▸ **Required action**:
Note each line in the data holding the string "loose" and report it.

___ Source data

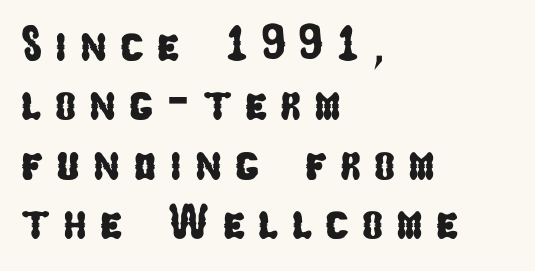
{"serif": "no", "width": "condensed", "stroke_contrast": "low", "x_height": "medium", "monospaced": "no", "underline": "no", "align": "left", "line_spacing_ratio": 1.19, "letter_spacing": "wide", "letter_spacing_em": 0.26, "glyph_px": 50}
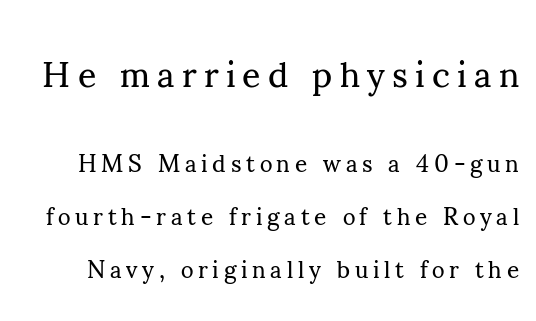
The image shows 36 px regular-weight serif type, upright; set loose line spacing (2.21x), unusually wide letter spacing (+0.2 em), not underlined; the first (top) block is 1.5x larger; medium stroke contrast and a small x-height.
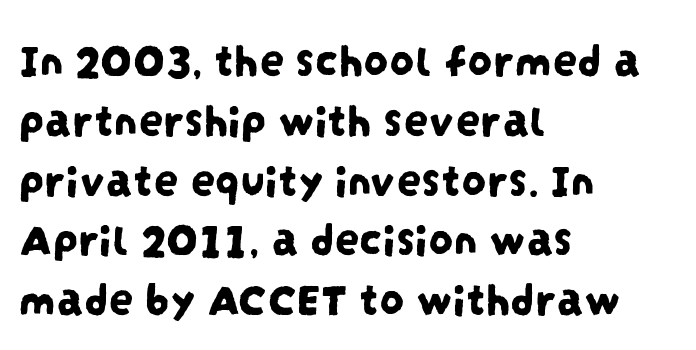
{"serif": "no", "width": "condensed", "stroke_contrast": "low", "x_height": "large", "monospaced": "no", "underline": "no", "align": "left", "line_spacing_ratio": 1.22, "letter_spacing": "normal", "letter_spacing_em": 0.0, "glyph_px": 49}
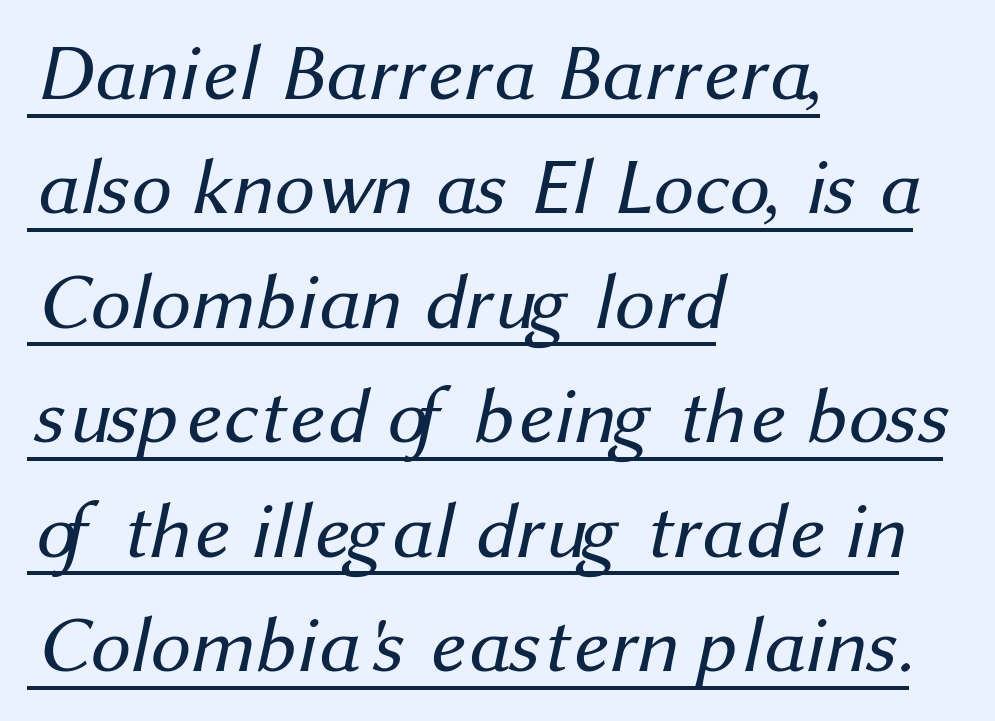
Q: Is the text bold? A: No.
Q: Is the typeface a serif or a sans-serif typeface? A: Sans-serif.
Q: Is the text underlined? A: Yes.
Q: How is the paragraph aligned? A: Left-aligned.
Q: Is the spacing between letters normal or unusually wide? A: Normal.
Q: Is the spacing between lines tight, normal or loose? A: Normal.
Q: Width (condensed, normal, or wide)? A: Normal.
Q: Stroke contrast? A: Medium.
Q: x-height? A: Medium.
Q: Monospaced? A: No.

______

▸ **Solved exercise**:
The image shows 36 px regular-weight serif type, upright; set loose line spacing (2.21x), unusually wide letter spacing (+0.2 em), not underlined; the first (top) block is 1.5x larger; medium stroke contrast and a small x-height.
Q: Is the spacing between lines tight, normal or loose? A: Normal.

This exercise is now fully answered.